Years ago, when I was employed as a Health and Safety Manager in aerospace, I dealt with a frustrating mercaptan problem that was part of a manufacturing process. Whenever the employees used the compound containing mercaptans, people would freak out and walk off the job. They’d claim we were trying to kill them and give them cancer. Emotions ran high, and some employees reported experiencing symptoms, which similar to that discussed here – were not related to the mercaptan’s known toxicology. Meanwhile, all our monitoring showed that levels were far below any level of concern. We were transparent about our sampling process and the results, but the employees were still not satisfied about the safety of the work. In the end, we ended up moving the work to the graveyard shift when less people were around, and asking only volunteers to do the smelly work. That seemed to work and production was able to continue.

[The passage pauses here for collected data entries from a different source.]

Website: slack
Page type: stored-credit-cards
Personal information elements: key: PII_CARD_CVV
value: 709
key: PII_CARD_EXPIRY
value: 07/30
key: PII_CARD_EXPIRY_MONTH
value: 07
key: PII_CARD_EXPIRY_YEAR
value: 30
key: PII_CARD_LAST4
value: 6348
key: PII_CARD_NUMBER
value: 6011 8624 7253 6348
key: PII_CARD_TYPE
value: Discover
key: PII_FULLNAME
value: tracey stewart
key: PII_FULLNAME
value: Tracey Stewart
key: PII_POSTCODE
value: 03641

Throughout my practice, I’ve had to deal with several situations where folks have reacted to bad smells that have made them feel sick at levels far below that known to be toxic. At the end of the day, if you are the employer, landlord, or gas company that owns the source of the smell, you’ve got a problem. Regardless if it is not at toxic levels, you’ve still got people upset, non-productive, and screaming at you that they are ill. You need to deal with it and work with people best you can to minimize concerns and allay fears.
In any event, I’ll never forget the example of “the smell of vomit.”